Task directions - Write out each line of the entries below that holds the word "loose".

Records from a data collection -
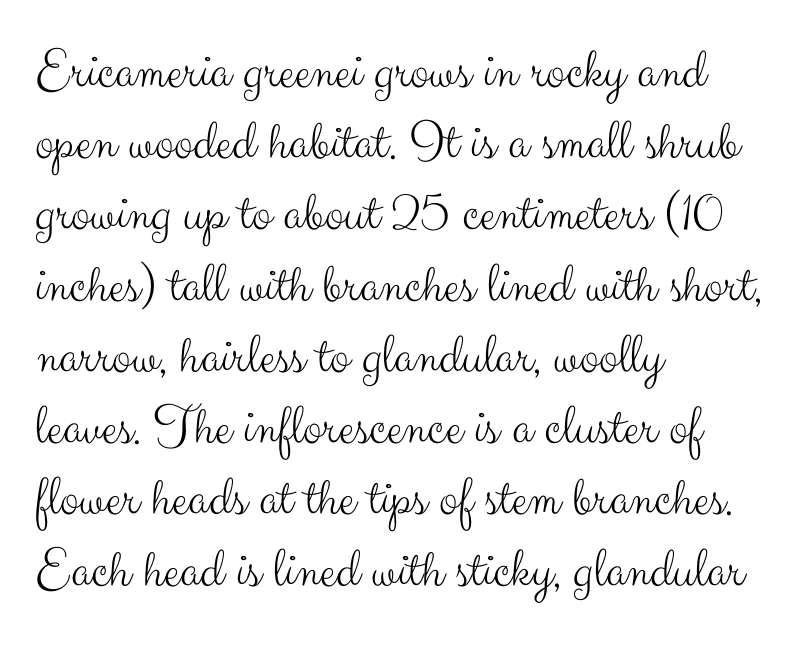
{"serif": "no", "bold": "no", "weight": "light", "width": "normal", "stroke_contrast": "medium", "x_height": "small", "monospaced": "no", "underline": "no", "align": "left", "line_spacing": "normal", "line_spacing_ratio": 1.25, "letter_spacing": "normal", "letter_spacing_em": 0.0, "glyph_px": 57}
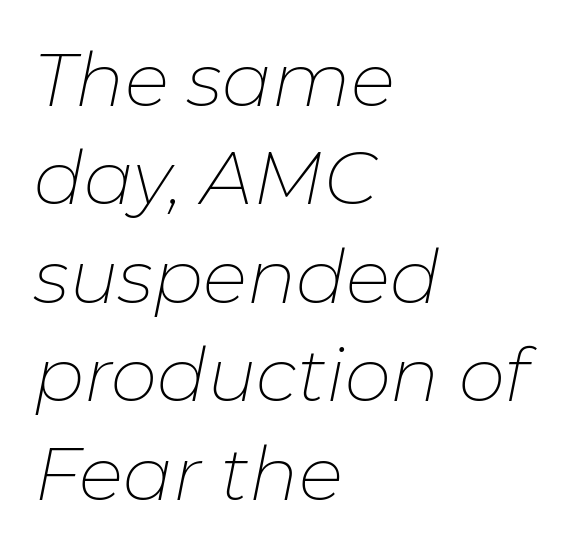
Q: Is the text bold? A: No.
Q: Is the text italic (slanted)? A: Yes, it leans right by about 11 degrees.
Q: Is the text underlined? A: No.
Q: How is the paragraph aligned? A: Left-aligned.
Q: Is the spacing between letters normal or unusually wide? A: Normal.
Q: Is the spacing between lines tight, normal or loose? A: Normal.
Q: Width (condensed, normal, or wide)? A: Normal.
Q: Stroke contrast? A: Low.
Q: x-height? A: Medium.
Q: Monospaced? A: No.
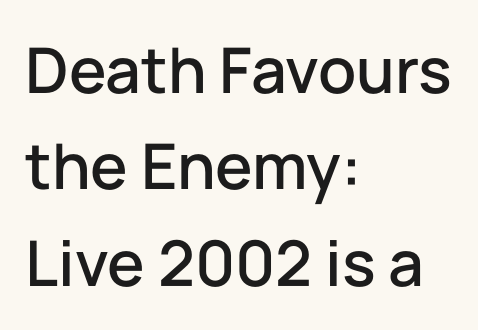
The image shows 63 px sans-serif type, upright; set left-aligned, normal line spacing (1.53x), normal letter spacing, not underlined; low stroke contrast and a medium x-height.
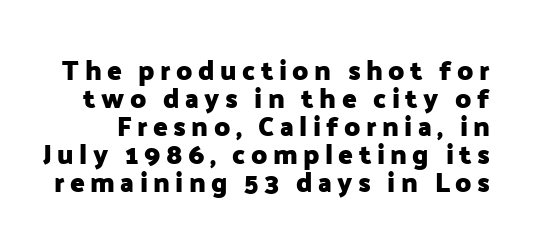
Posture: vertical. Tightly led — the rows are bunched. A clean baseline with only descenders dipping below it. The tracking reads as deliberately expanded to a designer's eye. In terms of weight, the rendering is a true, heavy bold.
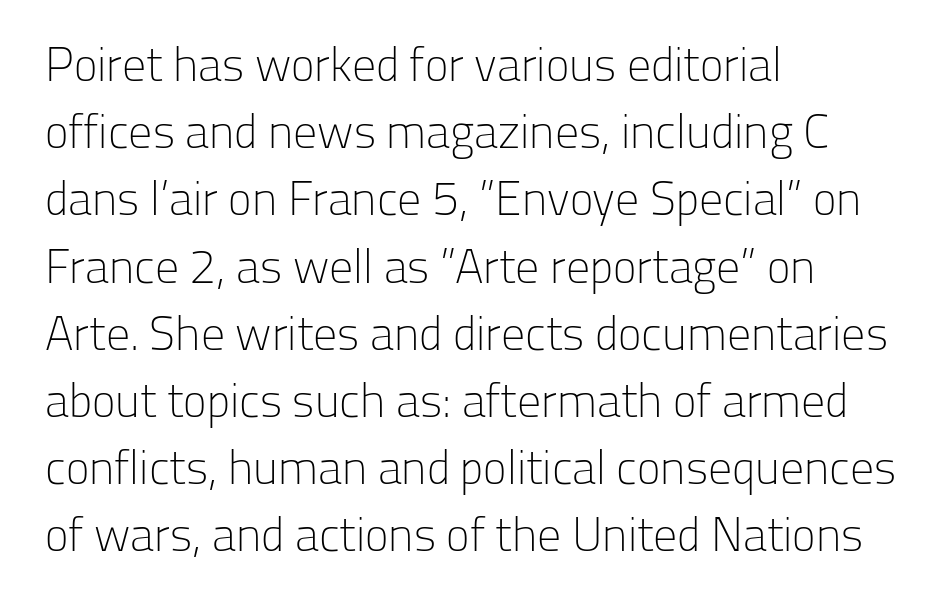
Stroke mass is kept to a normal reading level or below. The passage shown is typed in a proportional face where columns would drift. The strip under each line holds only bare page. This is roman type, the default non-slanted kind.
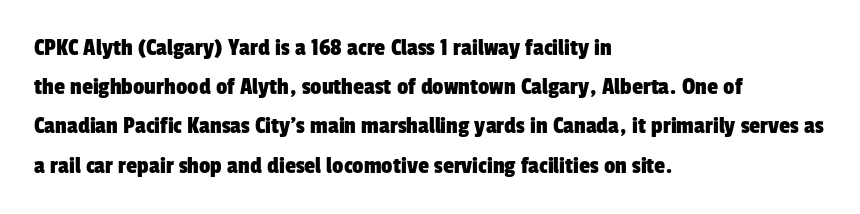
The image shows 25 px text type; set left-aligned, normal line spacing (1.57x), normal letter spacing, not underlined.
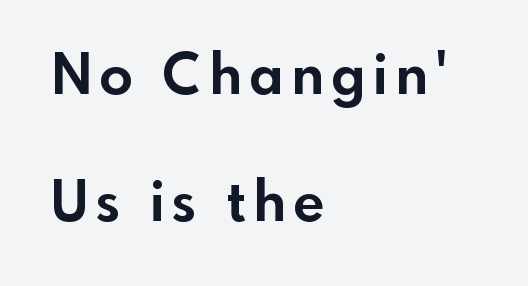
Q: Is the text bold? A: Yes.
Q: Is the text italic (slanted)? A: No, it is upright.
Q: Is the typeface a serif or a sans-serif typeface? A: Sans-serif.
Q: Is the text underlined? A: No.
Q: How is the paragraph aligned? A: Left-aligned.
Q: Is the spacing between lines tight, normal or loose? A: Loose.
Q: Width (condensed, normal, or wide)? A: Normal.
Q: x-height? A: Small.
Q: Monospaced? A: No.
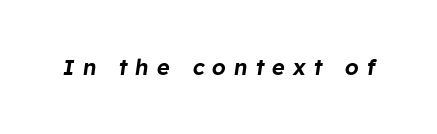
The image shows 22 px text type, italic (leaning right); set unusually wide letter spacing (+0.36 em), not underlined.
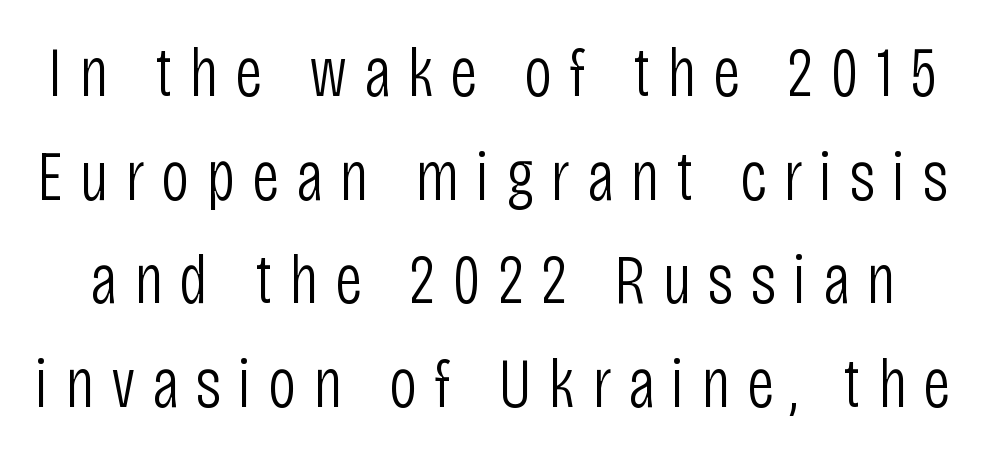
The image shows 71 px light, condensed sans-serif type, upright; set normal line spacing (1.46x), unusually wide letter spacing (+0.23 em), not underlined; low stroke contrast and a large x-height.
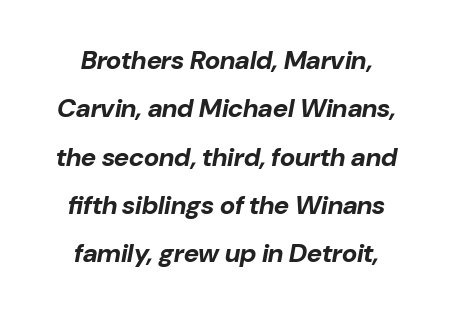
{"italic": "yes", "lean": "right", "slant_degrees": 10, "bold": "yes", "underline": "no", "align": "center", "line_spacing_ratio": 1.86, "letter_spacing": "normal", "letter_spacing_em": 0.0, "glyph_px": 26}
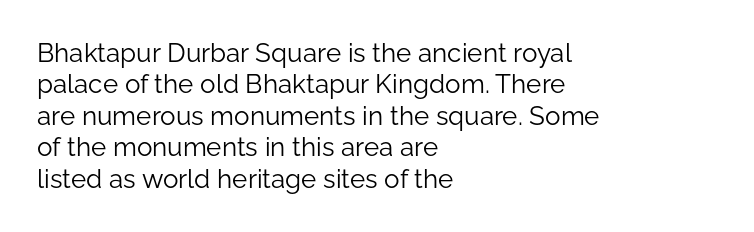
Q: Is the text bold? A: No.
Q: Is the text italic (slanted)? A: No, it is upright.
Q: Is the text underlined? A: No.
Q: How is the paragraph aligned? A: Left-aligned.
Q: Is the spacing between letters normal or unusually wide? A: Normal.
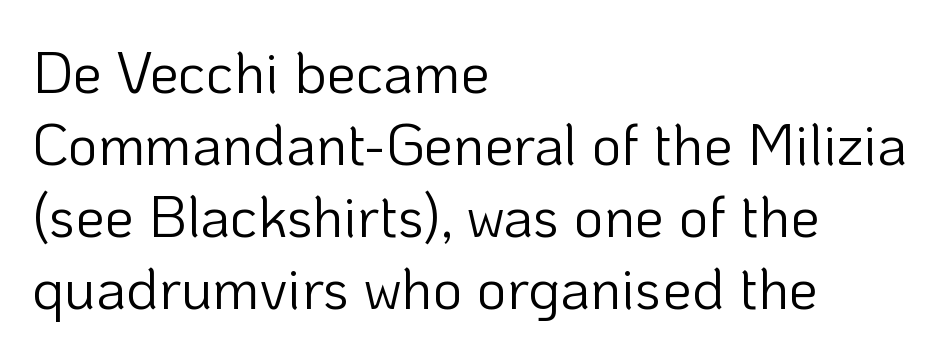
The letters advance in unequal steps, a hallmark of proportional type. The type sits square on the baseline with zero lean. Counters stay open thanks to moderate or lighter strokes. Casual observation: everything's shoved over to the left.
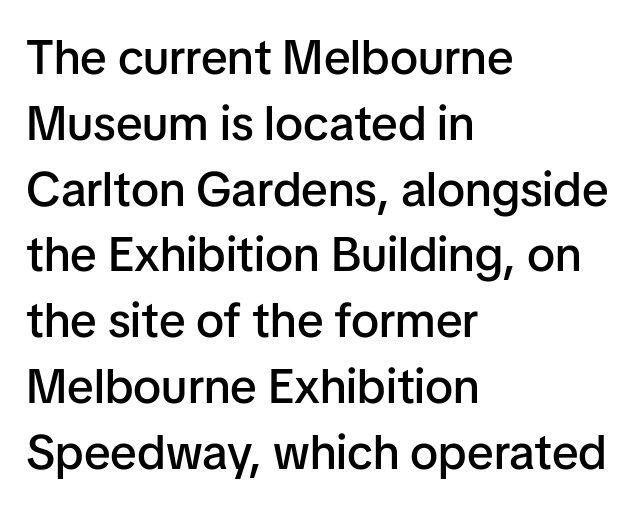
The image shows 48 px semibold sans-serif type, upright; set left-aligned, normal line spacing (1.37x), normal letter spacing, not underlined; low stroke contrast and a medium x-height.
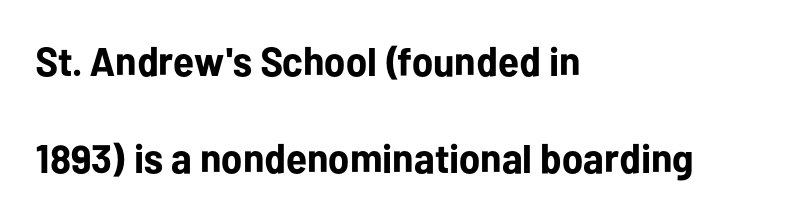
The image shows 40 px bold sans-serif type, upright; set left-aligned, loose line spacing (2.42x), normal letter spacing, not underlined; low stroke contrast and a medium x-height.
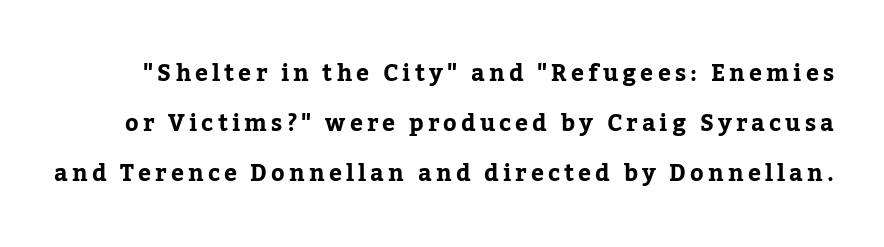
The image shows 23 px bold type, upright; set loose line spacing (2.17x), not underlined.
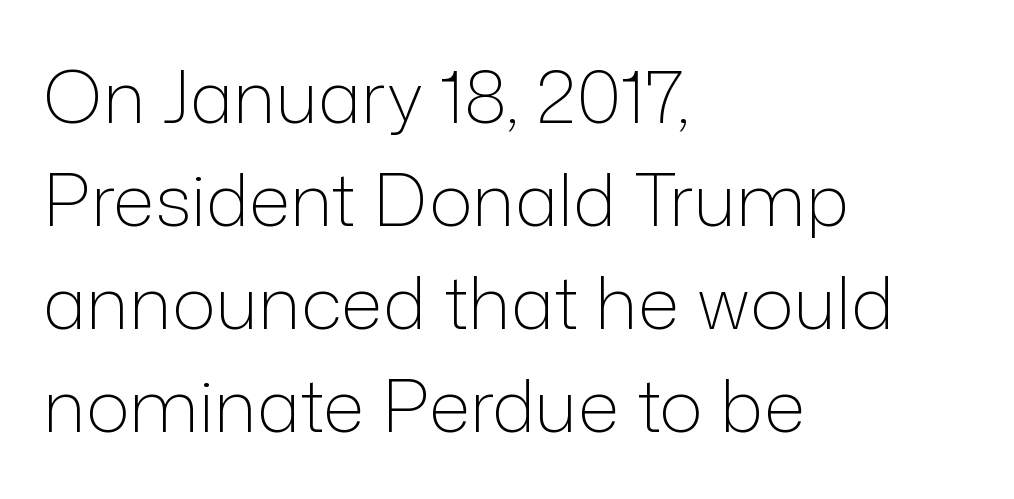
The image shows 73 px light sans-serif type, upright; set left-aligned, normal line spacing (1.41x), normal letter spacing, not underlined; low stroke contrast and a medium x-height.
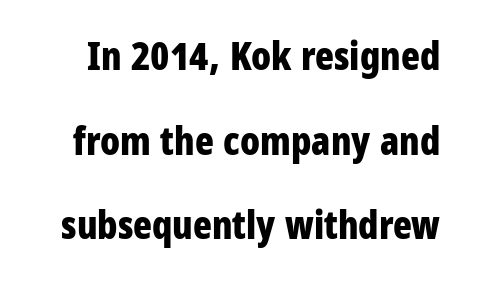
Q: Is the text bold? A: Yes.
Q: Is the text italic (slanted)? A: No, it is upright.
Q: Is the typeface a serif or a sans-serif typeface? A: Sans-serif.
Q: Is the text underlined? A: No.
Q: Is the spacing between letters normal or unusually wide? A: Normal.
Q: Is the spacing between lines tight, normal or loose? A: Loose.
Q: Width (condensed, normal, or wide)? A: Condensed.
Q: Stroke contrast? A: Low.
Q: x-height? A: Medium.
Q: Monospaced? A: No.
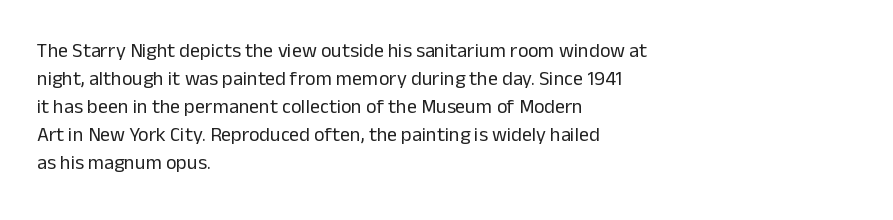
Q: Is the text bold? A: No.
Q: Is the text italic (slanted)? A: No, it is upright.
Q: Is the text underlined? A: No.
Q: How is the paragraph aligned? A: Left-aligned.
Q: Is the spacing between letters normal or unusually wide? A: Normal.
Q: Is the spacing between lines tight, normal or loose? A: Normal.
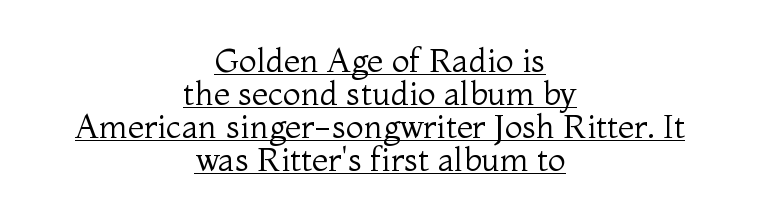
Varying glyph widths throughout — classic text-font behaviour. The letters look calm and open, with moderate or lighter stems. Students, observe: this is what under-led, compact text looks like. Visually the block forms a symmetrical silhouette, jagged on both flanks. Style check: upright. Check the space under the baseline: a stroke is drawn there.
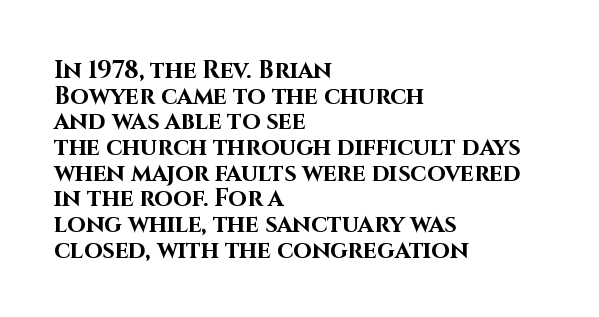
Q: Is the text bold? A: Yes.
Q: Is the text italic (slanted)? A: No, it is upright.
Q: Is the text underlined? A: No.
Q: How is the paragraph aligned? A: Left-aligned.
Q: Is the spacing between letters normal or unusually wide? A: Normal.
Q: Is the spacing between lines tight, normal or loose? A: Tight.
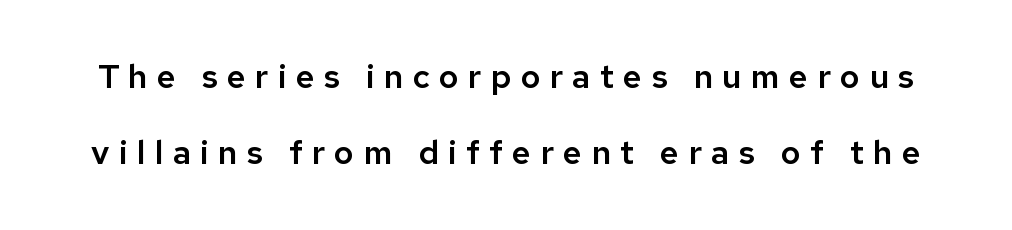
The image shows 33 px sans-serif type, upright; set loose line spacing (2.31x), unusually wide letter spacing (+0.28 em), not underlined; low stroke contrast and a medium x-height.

Solution to this task -
Q: Is the spacing between lines tight, normal or loose? A: Normal.
Q: Is the spacing between lines tight, normal or loose? A: Loose.
The image shows 40 px bold sans-serif type, upright; set left-aligned, loose line spacing (2.42x), normal letter spacing, not underlined; low stroke contrast and a medium x-height.
The image shows 23 px bold type, upright; set loose line spacing (2.17x), not underlined.
Q: Is the spacing between lines tight, normal or loose? A: Loose.
Q: Is the spacing between lines tight, normal or loose? A: Normal.
Q: Is the spacing between lines tight, normal or loose? A: Tight.
The image shows 33 px sans-serif type, upright; set loose line spacing (2.31x), unusually wide letter spacing (+0.28 em), not underlined; low stroke contrast and a medium x-height.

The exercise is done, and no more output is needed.